Can't believe I'm only spotting this now. This is certainly quite a find

[:D​]

Mhoram, you are a wizard and scholar. I've been looking for months for some of these topics. I designed a program that generates rocket designs that maximize delta-v in space in Excel. There's two parts: One is a one-stage generator, which takes in an engine type (LV-N, LV-909, etc), the number of engines, the desired TWR, and payload mass, and lists out all of the tanks you'll need, and the resulting delta-v. The other is an asparagus generator, which does the same, with extra inputs for the number of side-stacks (an even number) and the ratio of mass between the center stack and the side stacks.

As a mostly separate project, I have a MATLAB program that takes in thrust, total mass, fuel mass, Vac ISP, and Atm ISP to numerically solve a set of three differential equations that describe the height, velocity, and mass through time. It's currently one-dimensional, and only predicts correct results if you thrust straight upward. It includes gravity, drag, and thrust... just like you said in your paper.

I want to transition over to a two-dimensional model, and port my Excel program over so I can start looking at optimal atmospheric craft designs. But a large part of that is optimal ascent paths, which I don't know the math for. I read that you were working on optimal ascent paths now. What are your findings on that front? I believe the optimal ascent path is related to the TWR of the rocket through time, further obfuscating the issue.

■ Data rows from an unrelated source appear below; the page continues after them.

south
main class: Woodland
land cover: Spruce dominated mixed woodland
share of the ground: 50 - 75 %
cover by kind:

Mostly, how do you mathematically model a path, such that you can change the curvature of it numerically? It seems to me that there are more possible paths than there are real numbers. Also, I've always had trouble wrapping my head around why the gravity equation suddenly has a cubic in the denominator when you make it a vector. Do you know why it is?

[Kulebron]

^^ Would be very cool to see an optimal trajectory as equation rather than try-error approach. I learned this at university, but it's too big to try for me. Wish you good luck!

[sal_vager]

Good stuff mhoram, stickied

[mhoram]

Mhoram, you are a wizard and scholar.

There is only one wizard and he is green ;-)

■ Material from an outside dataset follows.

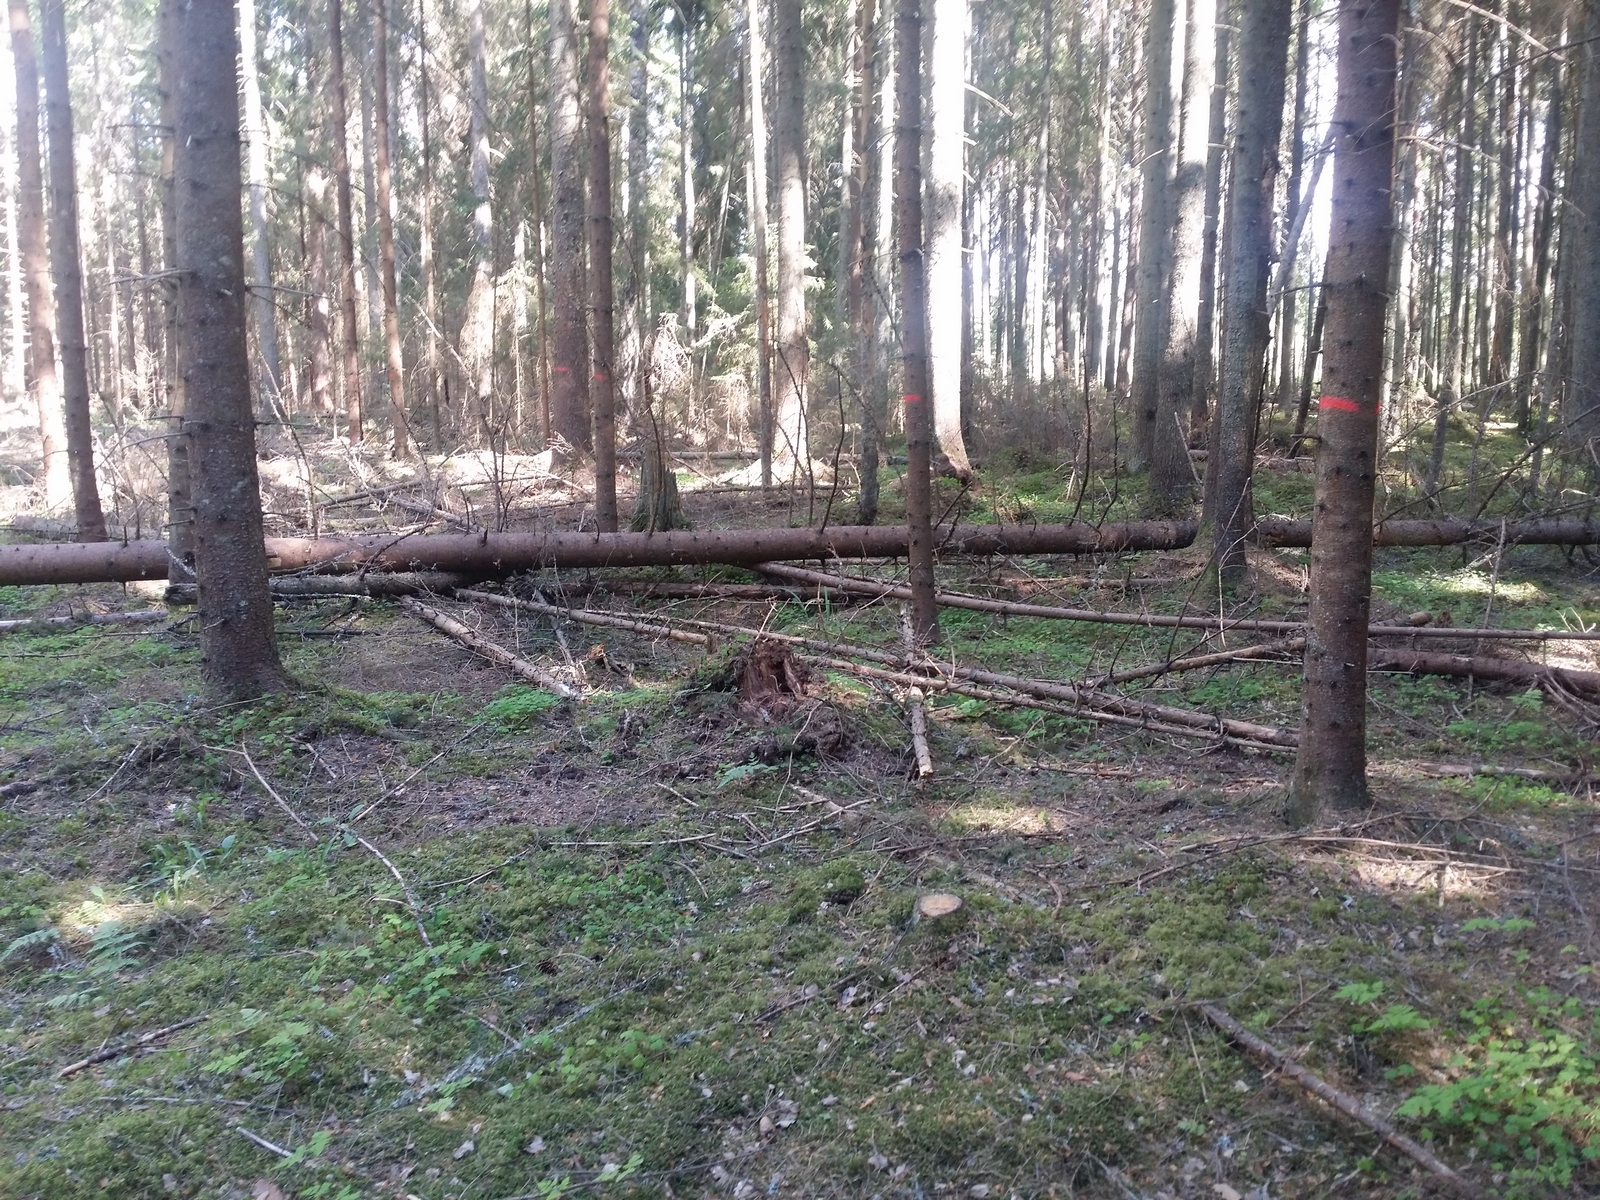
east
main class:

I've been looking for months for some of these topics. I designed a program that generates rocket designs that maximize delta-v in space in Excel. There's two parts: One is a one-stage generator, which takes in an engine type (LV-N, LV-909, etc), the number of engines, the desired TWR, and payload mass, and lists out all of the tanks you'll need, and the resulting delta-v. The other is an asparagus generator, which does the same, with extra inputs for the number of side-stacks (an even number) and the ratio of mass between the center stack and the side stacks.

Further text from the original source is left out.